# What to do
Give again, word for word, every line in the entries below from the line with "21.924L7.569 20.201C7.056 19.689" up to and including the line with "32.786L10.116 35.581C9.917 35.781", and no other line.

# Supplied records
---
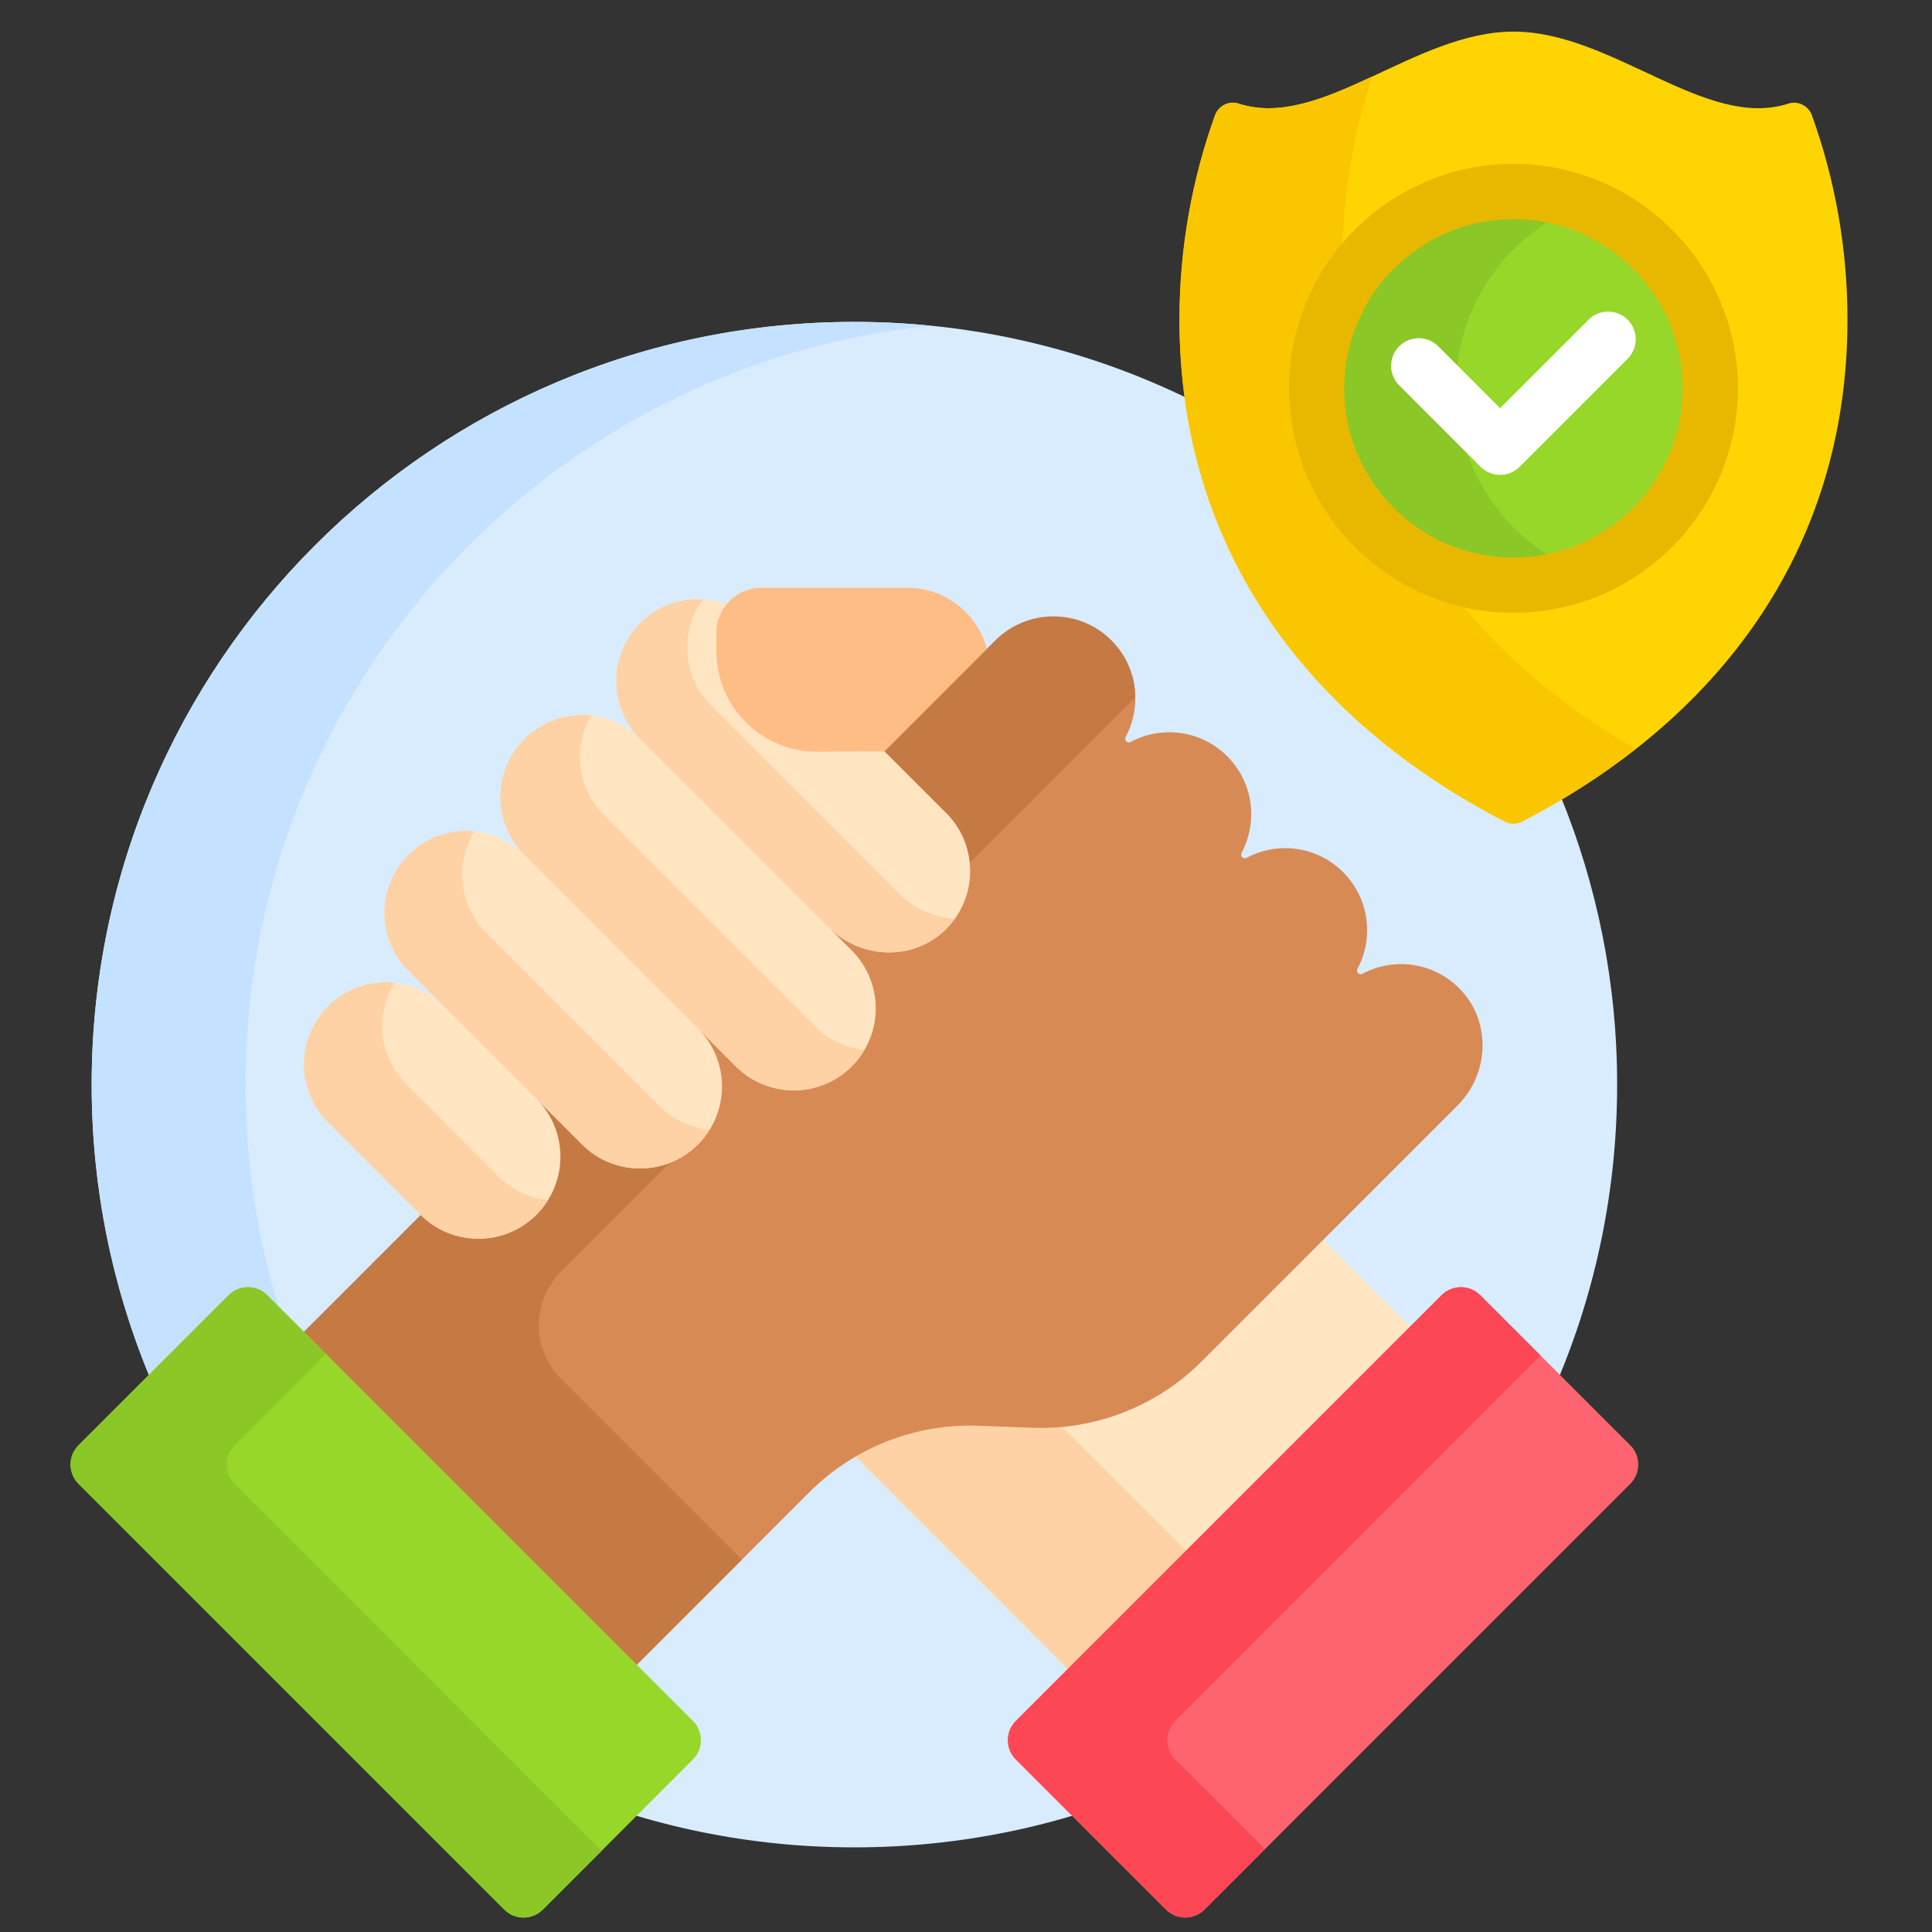 <svg width="36" height="36" viewBox="0 0 36 36" fill="none" xmlns="http://www.w3.org/2000/svg">
<rect x="0" y="0" width="36" height="36" fill="#333333" stroke="none"/>
<g clip-path="url(#clip0)">
<path d="M28.331 15.247C28.291 15.267 28.246 15.278 28.201 15.278C28.156 15.278 28.111 15.267 28.071 15.247C24.676 13.494 22.614 10.754 22.148 7.432C20.267 6.514 18.154 5.998 15.92 5.998C8.071 5.998 1.708 12.361 1.708 20.21C1.708 28.059 8.071 34.423 15.92 34.423C23.77 34.423 30.133 28.059 30.133 20.21C30.133 18.306 29.757 16.491 29.078 14.831C28.837 14.975 28.588 15.114 28.331 15.247Z" fill="#D8ECFE"/>
<path d="M4.259 24.134C4.458 23.935 4.78 23.935 4.98 24.134L5.187 24.341C4.79 23.034 4.576 21.647 4.576 20.21C4.576 12.845 10.178 6.789 17.354 6.07C16.883 6.022 16.404 5.998 15.92 5.998C8.071 5.998 1.708 12.361 1.708 20.21C1.708 22.125 2.088 23.951 2.774 25.619L4.259 24.134Z" fill="#C4E2FF"/>
<path d="M22.344 25.319C21.557 26.106 20.511 26.539 19.398 26.539C19.347 26.539 19.296 26.538 19.244 26.536L18.235 26.499C18.182 26.497 18.129 26.496 18.076 26.496C17.295 26.496 16.546 26.703 15.891 27.091L19.946 31.147L26.324 24.769L24.609 23.054L22.344 25.319Z" fill="#FFE5C2"/>
<path d="M19.242 26.605L18.232 26.567C17.422 26.537 16.629 26.741 15.941 27.142L19.897 31.098L22.099 28.896L19.79 26.588C19.609 26.605 19.426 26.611 19.242 26.605Z" fill="#FED2A4"/>
<path d="M21.725 35.581L18.93 32.786C18.73 32.587 18.73 32.264 18.93 32.065L26.861 24.134C27.06 23.935 27.383 23.935 27.582 24.134L30.377 26.929C30.576 27.128 30.576 27.451 30.377 27.65L22.446 35.581C22.247 35.781 21.924 35.781 21.725 35.581Z" fill="#FE646F"/>
<path d="M21.899 32.786C21.7 32.587 21.7 32.265 21.899 32.066L28.706 25.258L27.582 24.134C27.383 23.935 27.06 23.935 26.861 24.134L18.93 32.066C18.73 32.265 18.73 32.587 18.93 32.786L21.725 35.581C21.924 35.781 22.247 35.781 22.446 35.581L23.57 34.457L21.899 32.786Z" fill="#FD4755"/>
<path d="M27.224 18.45C26.737 17.929 25.98 17.828 25.388 18.145C25.328 18.176 25.262 18.113 25.294 18.054C25.604 17.476 25.515 16.74 25.028 16.252C24.54 15.764 23.805 15.675 23.227 15.985C23.168 16.017 23.103 15.952 23.134 15.893C23.444 15.315 23.355 14.58 22.868 14.092C22.38 13.604 21.644 13.516 21.066 13.826C21.007 13.857 20.944 13.792 20.975 13.732C21.293 13.139 21.19 12.38 20.668 11.894C20.062 11.329 19.108 11.373 18.522 11.958L18.388 12.092L18.273 12.11L16.419 13.964L16.432 14.049L17.554 15.171C17.845 15.462 18.019 15.858 18.008 16.27C17.997 16.669 17.829 17.037 17.534 17.307C17.273 17.546 16.93 17.677 16.569 17.677C16.569 17.677 16.569 17.677 16.569 17.677C16.166 17.677 15.771 17.513 15.485 17.228L15.388 17.325L15.798 17.734C16.07 18.007 16.241 18.372 16.249 18.758C16.259 19.241 16.038 19.688 15.638 19.978C15.451 20.113 15.232 20.202 15.002 20.234C14.535 20.299 14.084 20.146 13.759 19.821L13.054 19.116L12.957 19.213C13.301 19.557 13.451 20.04 13.356 20.535C13.323 20.707 13.258 20.872 13.163 21.019C12.859 21.494 12.339 21.745 11.794 21.698C11.444 21.667 11.12 21.502 10.872 21.254L10.049 20.431L9.952 20.529C10.254 20.834 10.405 21.248 10.368 21.683C10.345 21.953 10.245 22.215 10.081 22.431C9.797 22.803 9.371 23.012 8.915 23.012C8.528 23.012 8.164 22.862 7.889 22.591L5.614 24.866L11.817 31.069L15.082 27.805C15.914 26.972 17.056 26.524 18.232 26.567L19.242 26.605C20.418 26.648 21.559 26.2 22.392 25.367L27.159 20.6C27.746 20.013 27.791 19.056 27.224 18.45Z" fill="#D88A55"/>
<path d="M17.631 15.15C17.89 15.41 18.036 15.741 18.069 16.08L21.155 12.994C21.15 12.61 21.002 12.226 20.708 11.933C20.112 11.336 19.145 11.336 18.548 11.933L16.48 14.001L17.631 15.15Z" fill="#C57A44"/>
<path d="M10.455 23.694L12.481 21.669C11.933 21.882 11.287 21.767 10.846 21.325L10.001 20.48L10.001 20.481C10.598 21.084 10.588 22.06 9.978 22.651C9.381 23.23 8.432 23.224 7.841 22.64L5.663 24.818L11.866 31.021L13.824 29.063L10.455 25.694C9.903 25.142 9.903 24.246 10.455 23.694Z" fill="#C57A44"/>
<path d="M17.63 15.15L14.091 11.611C13.494 11.014 12.527 11.014 11.931 11.611C11.335 12.207 11.335 13.174 11.931 13.771C11.335 13.174 10.368 13.174 9.771 13.771C9.175 14.367 9.175 15.334 9.771 15.931C9.175 15.334 8.208 15.334 7.611 15.931C7.015 16.527 7.015 17.494 7.611 18.09L8.272 18.752C7.676 18.155 6.709 18.155 6.112 18.752C5.516 19.348 5.516 20.315 6.112 20.911L7.835 22.634C8.425 23.224 9.379 23.231 9.978 22.651C10.59 22.057 10.598 21.077 9.995 20.474L10.846 21.325C11.435 21.915 12.389 21.922 12.989 21.342C13.601 20.748 13.609 19.768 13.006 19.165L13.711 19.87C14.301 20.46 15.255 20.468 15.854 19.887C16.466 19.294 16.474 18.313 15.871 17.71L15.437 17.276C16.02 17.86 16.972 17.915 17.581 17.358C18.226 16.767 18.243 15.763 17.63 15.15Z" fill="#FFE5C2"/>
<path d="M16.911 10.953H14.184C13.723 10.953 13.349 11.327 13.349 11.788V12.135C13.349 13.169 14.187 14.007 15.221 14.007L16.48 14L18.388 12.092C18.217 11.438 17.622 10.953 16.911 10.953Z" fill="#FFBD86"/>
<path d="M16.758 16.654L13.252 13.148C12.712 12.608 12.662 11.764 13.101 11.167C12.681 11.142 12.252 11.289 11.931 11.611C11.334 12.207 11.334 13.174 11.931 13.771L15.436 17.276C16.02 17.86 16.972 17.915 17.58 17.358C17.66 17.285 17.73 17.204 17.79 17.12C17.413 17.096 17.042 16.938 16.758 16.654Z" fill="#FED2A4"/>
<path d="M15.192 19.126L11.252 15.187C10.749 14.684 10.672 13.918 11.017 13.333C10.573 13.284 10.112 13.43 9.772 13.77C9.175 14.367 9.175 15.334 9.772 15.93L13.711 19.87C14.301 20.459 15.255 20.467 15.854 19.886C15.955 19.789 16.038 19.68 16.106 19.564C15.772 19.528 15.447 19.382 15.192 19.126Z" fill="#FED2A4"/>
<path d="M12.293 20.612L9.058 17.377C8.546 16.865 8.475 16.08 8.842 15.491C8.403 15.447 7.948 15.594 7.611 15.931C7.015 16.527 7.015 17.494 7.611 18.09L10.846 21.325C11.436 21.915 12.39 21.922 12.989 21.342C13.08 21.253 13.157 21.155 13.221 21.051C12.882 21.018 12.552 20.871 12.293 20.612Z" fill="#FED2A4"/>
<path d="M9.291 21.924L7.569 20.201C7.056 19.689 6.986 18.903 7.354 18.313C6.911 18.266 6.452 18.412 6.112 18.751C5.516 19.348 5.516 20.315 6.112 20.911L7.835 22.634C8.425 23.224 9.379 23.231 9.978 22.651C10.069 22.562 10.145 22.465 10.209 22.362C9.874 22.327 9.548 22.18 9.291 21.924Z" fill="#FED2A4"/>
<path d="M12.911 32.786L10.116 35.581C9.917 35.781 9.594 35.781 9.395 35.581L1.464 27.65C1.265 27.451 1.265 27.128 1.464 26.929L4.259 24.134C4.458 23.935 4.781 23.935 4.98 24.134L12.911 32.066C13.11 32.265 13.11 32.587 12.911 32.786Z" fill="#97D729"/>
<path d="M4.372 27.65C4.173 27.451 4.173 27.128 4.372 26.929L6.073 25.228L4.98 24.134C4.781 23.935 4.458 23.935 4.259 24.134L1.464 26.929C1.265 27.128 1.265 27.451 1.464 27.65L9.395 35.581C9.594 35.781 9.917 35.781 10.116 35.581L11.21 34.488L4.372 27.65Z" fill="#8BC727"/>
<path d="M28.202 0.589C26.356 0.589 24.615 2.431 23.078 1.93C22.898 1.872 22.704 1.972 22.64 2.15C22.212 3.339 21.979 4.621 21.979 5.957C21.979 10.301 24.438 13.447 28.04 15.308C28.141 15.36 28.262 15.36 28.363 15.308C31.965 13.447 34.425 10.301 34.425 5.957C34.425 4.621 34.191 3.339 33.763 2.15C33.699 1.972 33.505 1.872 33.325 1.93C31.788 2.431 30.047 0.589 28.202 0.589V0.589Z" fill="#FED402"/>
<path d="M27.278 11.316C25.414 10.894 24.018 9.226 24.018 7.236C24.018 6.204 24.394 5.259 25.016 4.528C25.055 3.449 25.245 2.408 25.567 1.427C24.693 1.834 23.859 2.185 23.077 1.93C22.898 1.871 22.703 1.972 22.639 2.15C22.212 3.339 21.977 4.621 21.977 5.957C21.977 10.301 24.437 13.447 28.039 15.307C28.14 15.36 28.261 15.36 28.362 15.307C29.123 14.915 29.831 14.464 30.478 13.957C29.235 13.24 28.149 12.357 27.278 11.316Z" fill="#FAC600"/>
<path d="M28.2 10.904C30.226 10.904 31.869 9.262 31.869 7.236C31.869 5.21 30.226 3.568 28.2 3.568C26.174 3.568 24.532 5.21 24.532 7.236C24.532 9.262 26.174 10.904 28.2 10.904Z" fill="#97D729"/>
<path d="M27.131 7.236C27.131 5.668 28.116 4.33 29.5 3.806C29.096 3.652 28.658 3.568 28.2 3.568C26.175 3.568 24.532 5.21 24.532 7.236C24.532 9.262 26.175 10.904 28.2 10.904C28.658 10.904 29.096 10.82 29.5 10.666C28.116 10.142 27.131 8.804 27.131 7.236Z" fill="#8BC727"/>
<path d="M28.201 11.419C25.894 11.419 24.018 9.543 24.018 7.236C24.018 4.93 25.894 3.053 28.201 3.053C30.507 3.053 32.383 4.93 32.383 7.236C32.383 9.543 30.507 11.419 28.201 11.419ZM28.201 4.083C26.462 4.083 25.047 5.497 25.047 7.236C25.047 8.975 26.462 10.39 28.201 10.39C29.939 10.39 31.354 8.975 31.354 7.236C31.354 5.497 29.939 4.083 28.201 4.083Z" fill="#E8B800"/>
<path d="M27.952 8.849C27.816 8.849 27.685 8.795 27.588 8.698L26.072 7.181C25.871 6.98 25.871 6.654 26.072 6.453C26.273 6.252 26.599 6.252 26.8 6.453L27.952 7.606L29.601 5.957C29.802 5.756 30.128 5.756 30.329 5.957C30.53 6.158 30.53 6.484 30.329 6.685L28.316 8.698C28.22 8.795 28.089 8.849 27.952 8.849Z" fill="white"/>
</g>
<defs>
<clipPath id="clip0">
<rect width="35.142" height="35.142" fill="white" transform="translate(0.299 0.589)"/>
</clipPath>
</defs>
</svg>
---
# The completed task
<path d="M9.291 21.924L7.569 20.201C7.056 19.689 6.986 18.903 7.354 18.313C6.911 18.266 6.452 18.412 6.112 18.751C5.516 19.348 5.516 20.315 6.112 20.911L7.835 22.634C8.425 23.224 9.379 23.231 9.978 22.651C10.069 22.562 10.145 22.465 10.209 22.362C9.874 22.327 9.548 22.18 9.291 21.924Z" fill="#FED2A4"/>
<path d="M12.911 32.786L10.116 35.581C9.917 35.781 9.594 35.781 9.395 35.581L1.464 27.65C1.265 27.451 1.265 27.128 1.464 26.929L4.259 24.134C4.458 23.935 4.781 23.935 4.98 24.134L12.911 32.066C13.11 32.265 13.11 32.587 12.911 32.786Z" fill="#97D729"/>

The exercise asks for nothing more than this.